Dive Brief:
- Atlantic Union College trustees and the executive committee have voted to close the institution, saying it is no longer financially viable to maintain operations for the Seventh Day Adventist-affiliated institution.
- Baccalaureate programs will be suspended at the end of the current semester, and certificate programs will be phased out "in a teach-out manner" by December.

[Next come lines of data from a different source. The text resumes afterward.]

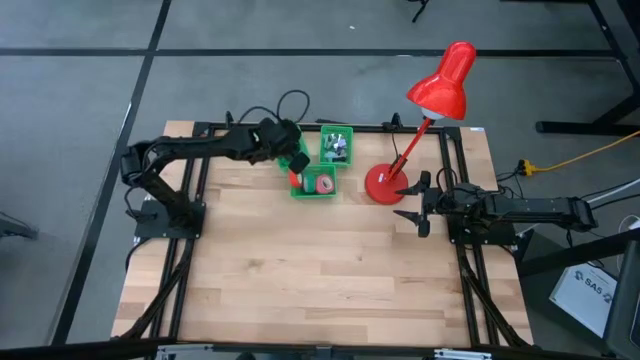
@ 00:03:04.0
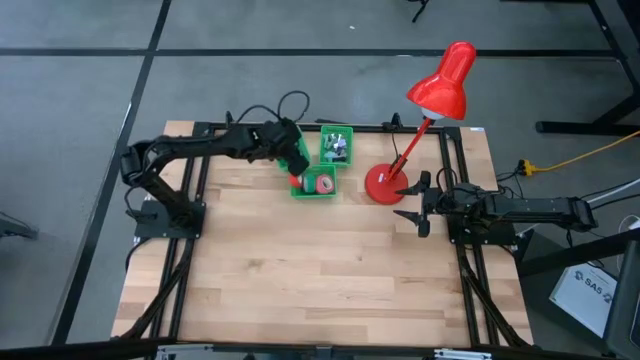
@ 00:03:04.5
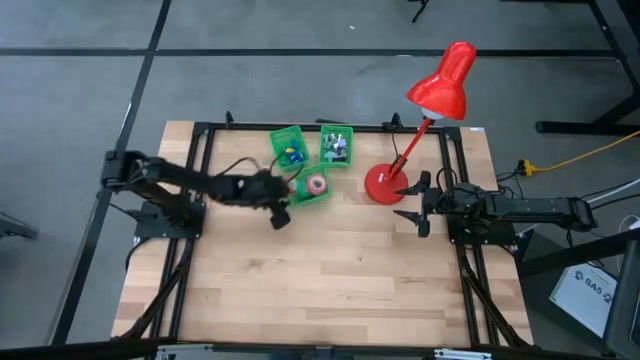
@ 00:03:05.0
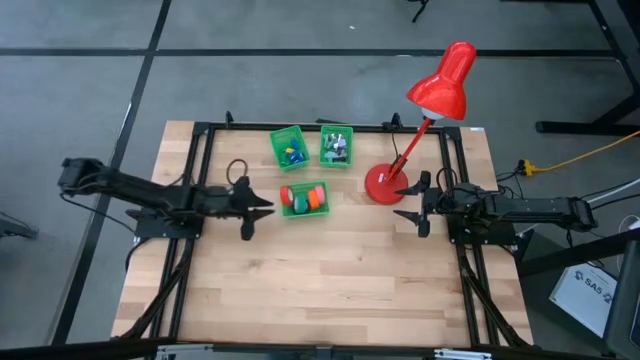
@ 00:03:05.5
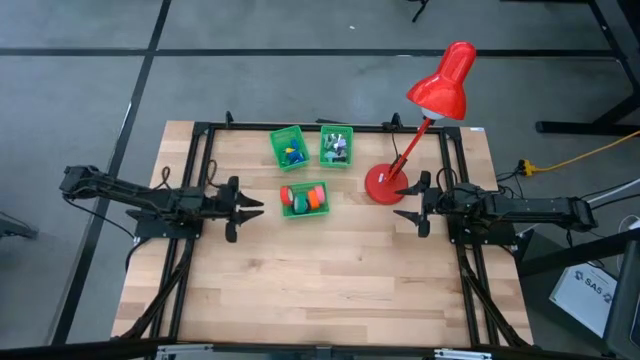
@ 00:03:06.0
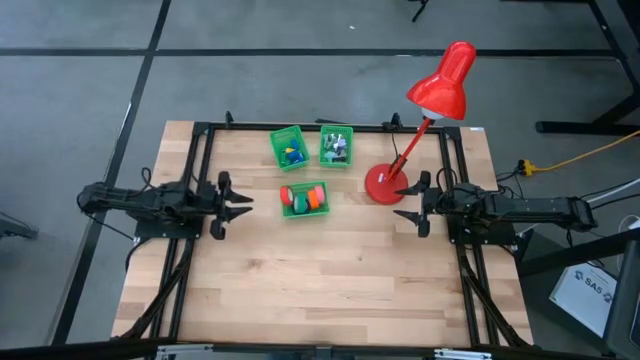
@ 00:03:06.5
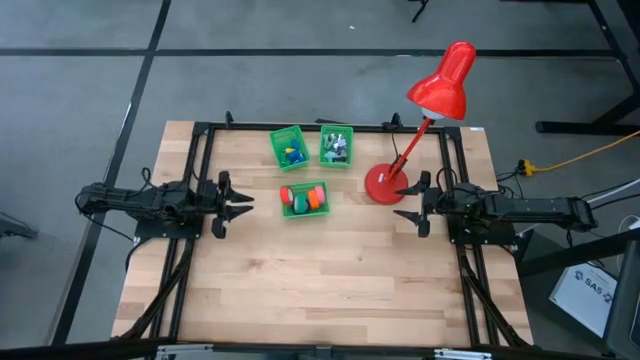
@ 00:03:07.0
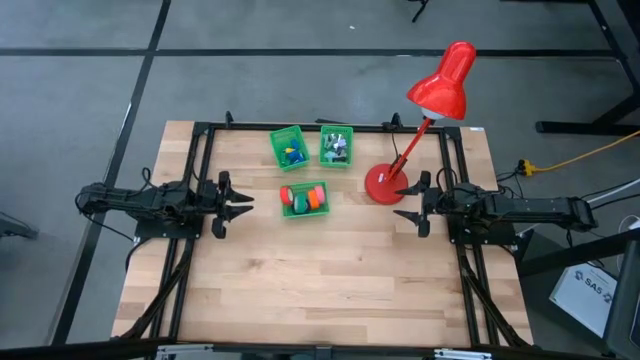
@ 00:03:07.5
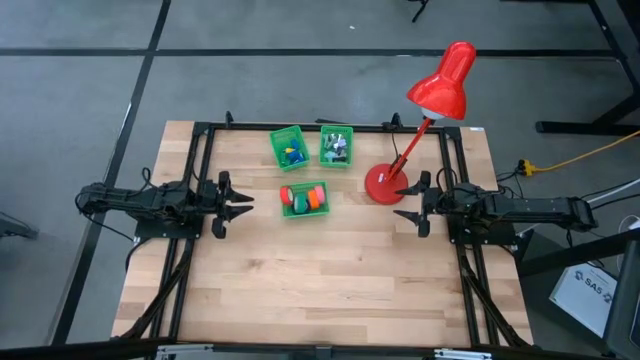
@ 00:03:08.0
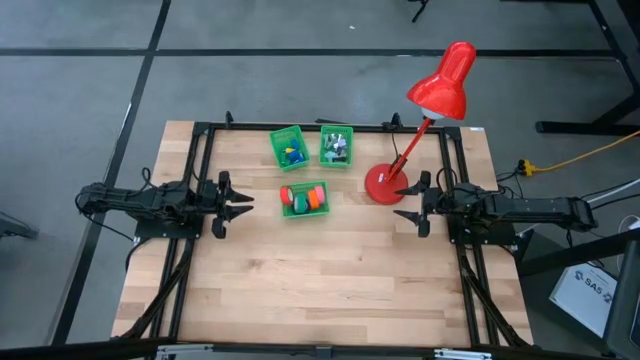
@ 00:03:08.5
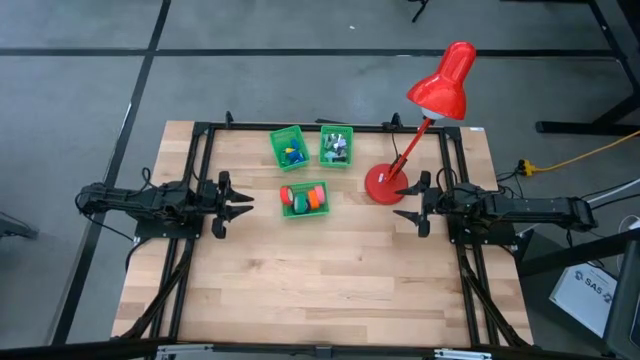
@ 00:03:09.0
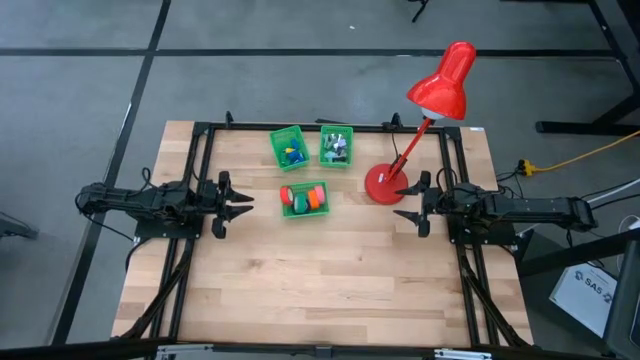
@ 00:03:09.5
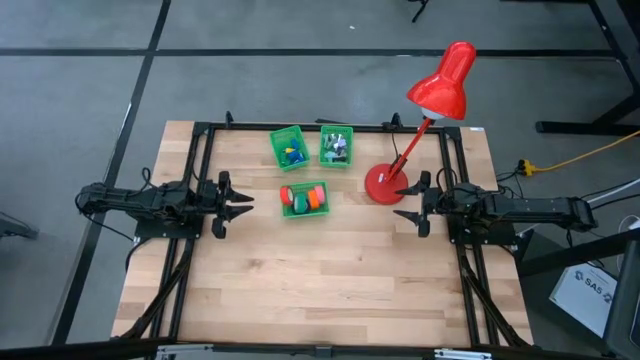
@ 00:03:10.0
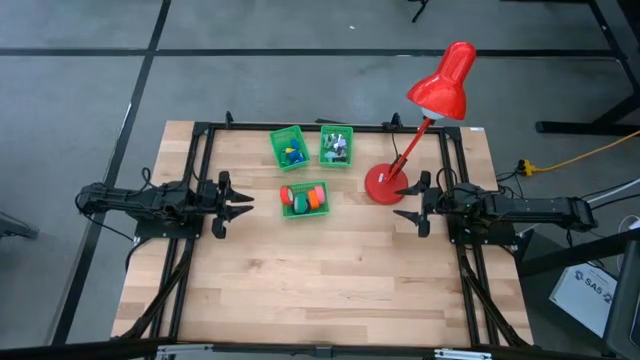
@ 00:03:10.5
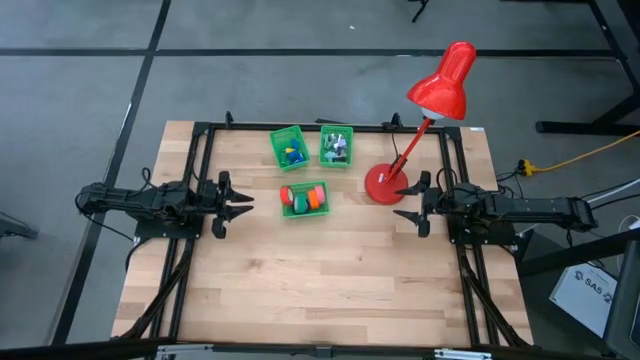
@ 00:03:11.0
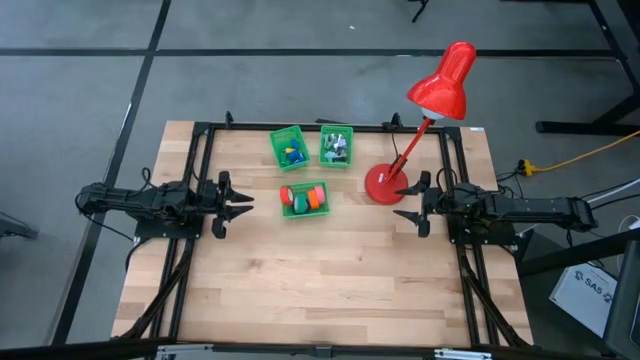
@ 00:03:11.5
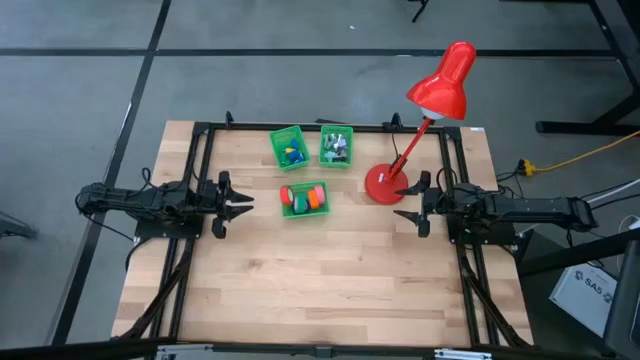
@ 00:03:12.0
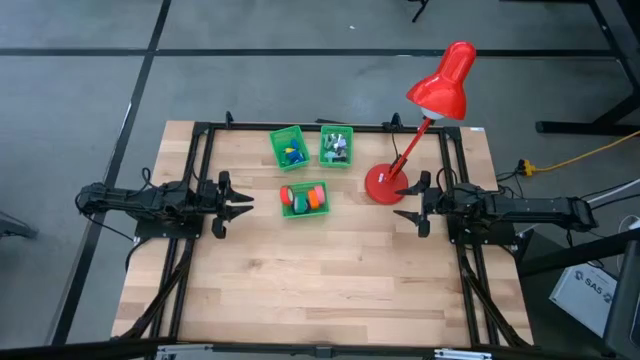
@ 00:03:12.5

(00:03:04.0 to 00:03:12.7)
Task: Pick and place Stapler, Stapler remover, tape
Return to Home Position

- Leaders are still working on an academic plan to assist students who are currently enrolled with completing their educations. According to Inside Higher Ed, the institution lost its accreditation in 2011 and ceased operations at that time, but re-opened in 2015.
Dive Insight:
Growing enrollment pressures and decreasing populations may see a number of smaller colleges close as the higher education landscape — which has swelled to include over 7,200 institutions according to the National Center for Education Statistics — right-sizes. Not only are institutions competing for students, they're also competing for donors, who have expressed a preference to give one lump sum to a coalition or group they suspect will provide maximum impact, rather than dividing up the pool to constitute individual gifts to a number of institutions.
The way ahead for smaller institutions is partnerships and coalitions; there remains no doubt that if leaders do not embrace a more collaborative approach, sharing overhead costs and consolidating services, many more institutions will shut their doors in the coming years. Whether it is public schools in one state learning to operate as a system vs. 14 institutions that "generally like each other," as is the case in Pennsylvania, or it is privates located near each other joining together to share resources, greater collaboration among all institution types will be key to the survival of each.